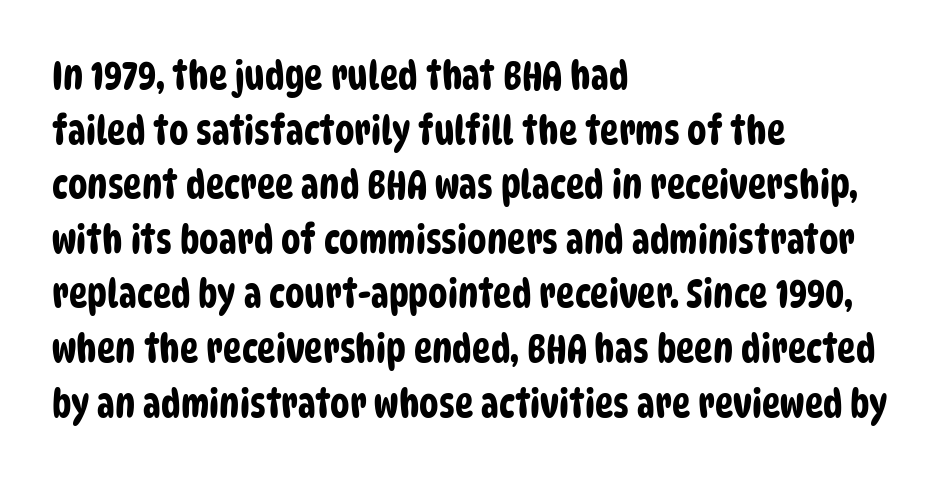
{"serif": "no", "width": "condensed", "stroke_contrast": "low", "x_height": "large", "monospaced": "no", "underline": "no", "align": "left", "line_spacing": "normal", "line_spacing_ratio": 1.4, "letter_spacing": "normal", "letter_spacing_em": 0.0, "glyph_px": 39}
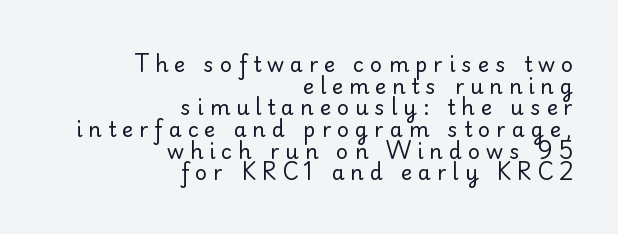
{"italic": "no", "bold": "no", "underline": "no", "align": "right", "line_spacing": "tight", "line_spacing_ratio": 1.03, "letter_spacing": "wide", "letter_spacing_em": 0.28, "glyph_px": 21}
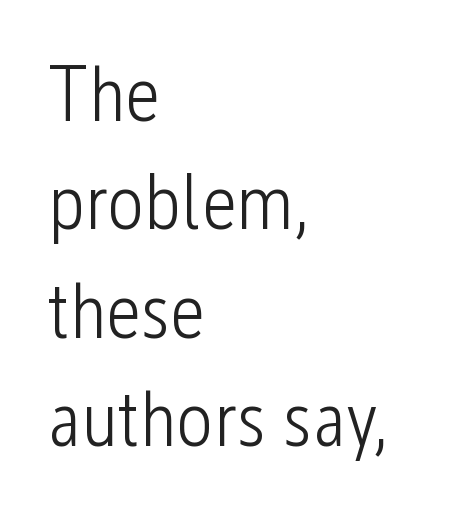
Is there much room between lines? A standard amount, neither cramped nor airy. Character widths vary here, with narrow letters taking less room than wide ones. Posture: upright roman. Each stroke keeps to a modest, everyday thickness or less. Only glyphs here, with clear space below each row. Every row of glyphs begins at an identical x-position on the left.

□ □ □ □ □ □ □

Your goal:
When you return the listing, keep each line exact and leave the pictures out.

Task answer:
{"serif": "no", "width": "condensed", "stroke_contrast": "low", "x_height": "large", "monospaced": "no", "underline": "no", "align": "left", "line_spacing": "normal", "line_spacing_ratio": 1.4, "letter_spacing": "normal", "letter_spacing_em": 0.0, "glyph_px": 39}
{"italic": "no", "bold": "no", "underline": "no", "align": "right", "line_spacing": "tight", "line_spacing_ratio": 1.03, "letter_spacing": "wide", "letter_spacing_em": 0.28, "glyph_px": 21}
Is there much room between lines? A standard amount, neither cramped nor airy. Character widths vary here, with narrow letters taking less room than wide ones. Posture: upright roman. Each stroke keeps to a modest, everyday thickness or less. Only glyphs here, with clear space below each row. Every row of glyphs begins at an identical x-position on the left.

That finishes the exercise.